It has rained here every day this week. I dont mind a little rain but I mean a whole week now thats a bit much.Today should be Matt's last day of work but he's having second thoughts.He was off yesterday because I had teacher conferences for the kids.It was kind of nice to have him home but at the same time kind of a pain. Its a strange thing im struggling with here. I think that maybe if he had some time off we would get along better but i also think that we may end up getting along worse. I honstly wonder if we shouldnt separate for a while so he could see what he would be missing if I left. He treats me like a maid and a babysitter and i feel like hes my 4th child. Its a real pain in the ass to deal with 3 actual kids and one 27 year old kid. Anyhow enough about that. I'm starting to feel completly helpless as a parent with my kids. My 7 year old steals constantly. He's taken $11 to school in the past week. He lies about where he gets the money from and usually says its from a friends. He stole $5 out of Matt's wallet and $6 off of our desk.

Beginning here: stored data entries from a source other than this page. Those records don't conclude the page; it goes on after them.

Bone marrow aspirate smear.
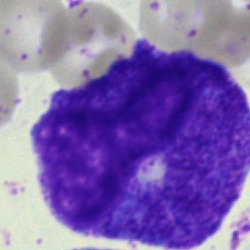Showing a metamyelocyte.
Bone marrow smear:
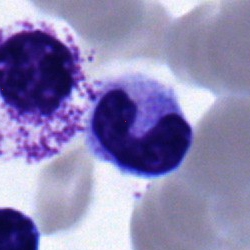Impression — neutrophil (band).
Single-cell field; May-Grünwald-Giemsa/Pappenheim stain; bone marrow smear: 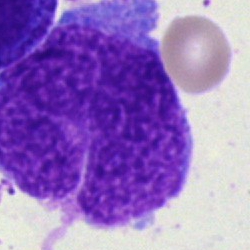
Single cell identified as an artifact.
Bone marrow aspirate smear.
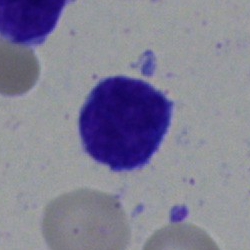 The morphological class is lymphocyte.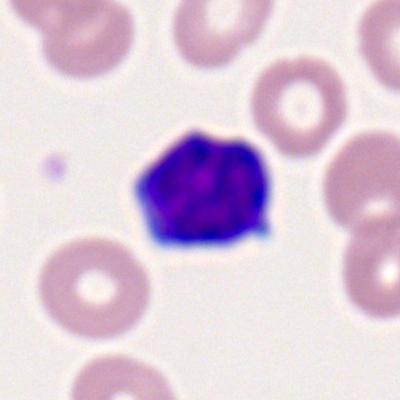

The classification is lymphocyte.
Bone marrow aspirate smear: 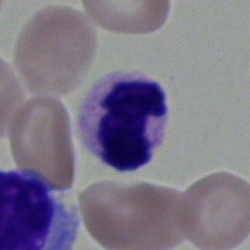

Morphological class — polymorphonuclear neutrophil.
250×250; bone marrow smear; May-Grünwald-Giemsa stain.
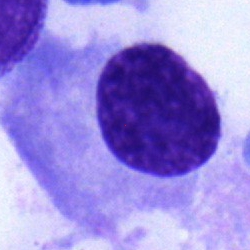Q: Identify the cell.
A: A plasmacyte.
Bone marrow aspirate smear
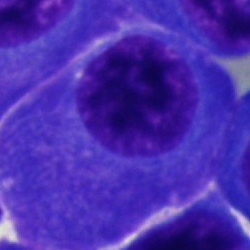

This is a plasma cell.
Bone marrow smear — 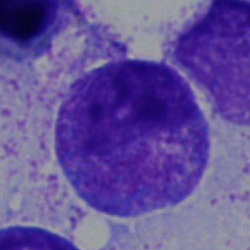
{"cell_type": "progranulocyte", "lineage": "myeloid"}
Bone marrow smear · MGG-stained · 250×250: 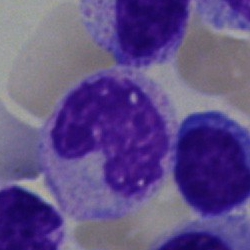Classification = stab cell.
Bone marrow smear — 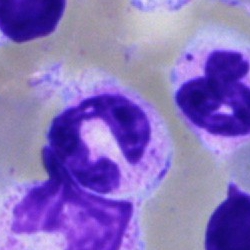
Cell type: polymorphonuclear neutrophil.
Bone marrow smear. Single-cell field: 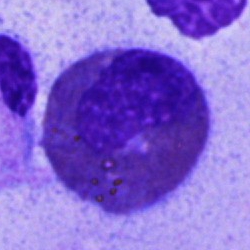

Specimen: bone marrow smear.
Classification: eosinophil.
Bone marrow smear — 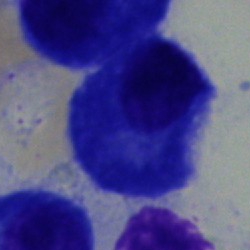
The cell type is plasmacyte.
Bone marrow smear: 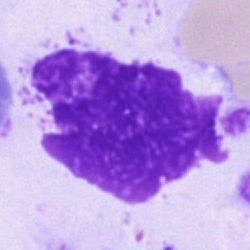
The cell type is artifact.
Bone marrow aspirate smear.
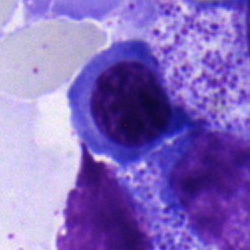 Cell = nucleated red blood cell.
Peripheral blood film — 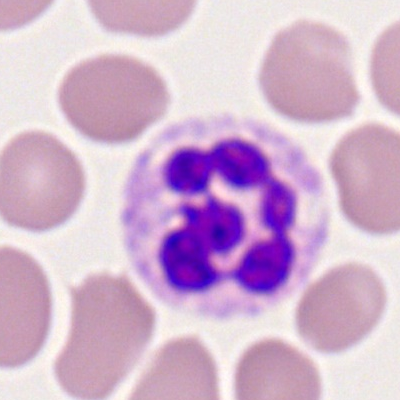

The cell type is segmented neutrophil.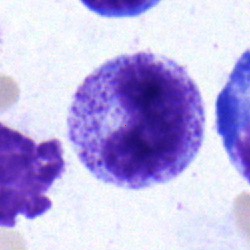 Q: Identify the cell.
A: It is a metamyelocyte.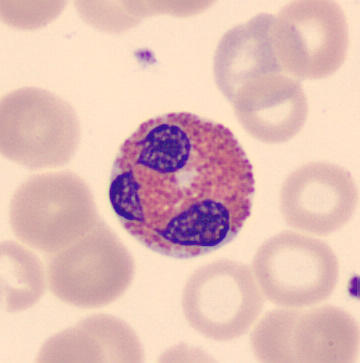 Specimen: peripheral blood smear.
Morphological class: eosinophilic granulocyte.
Lineage: myeloid.
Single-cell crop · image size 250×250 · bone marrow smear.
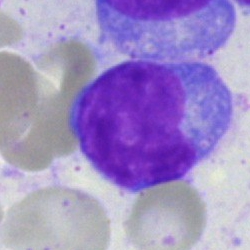{"cell_type": "blast cell"}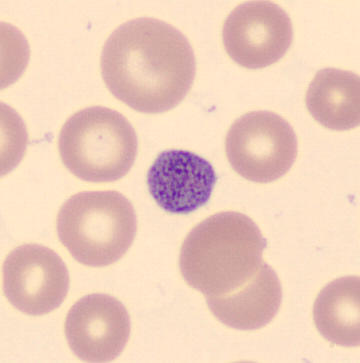
From a peripheral blood smear: a thrombocyte.
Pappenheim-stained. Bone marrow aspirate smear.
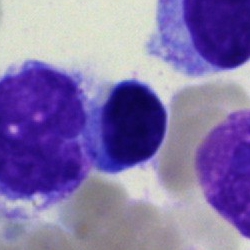 Specimen: bone marrow smear.
Cell: lymphocyte.
Lineage: lymphoid.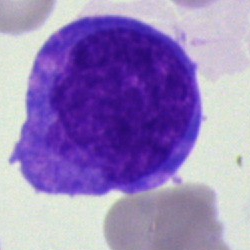 Impression → blast.

I'm lost on what to do about this because nothing i try works. He thinks everything is funny and I get no respect from him what so ever. I need help and the bad thing is everyone I ask eg: his school,his phsyciatrist, his teachers,etc. have no suggestions.This kid makes me dread waking up everyday and I feel horrible for thinking that way. Is anybody else feeling this way because of their kids? Or is it just me??






http://kidshealth.org/parent/emoti...#
This link has a little bit of info about children stealing.....but you have probably heard it all before......may be time to take him to a psyc doctor.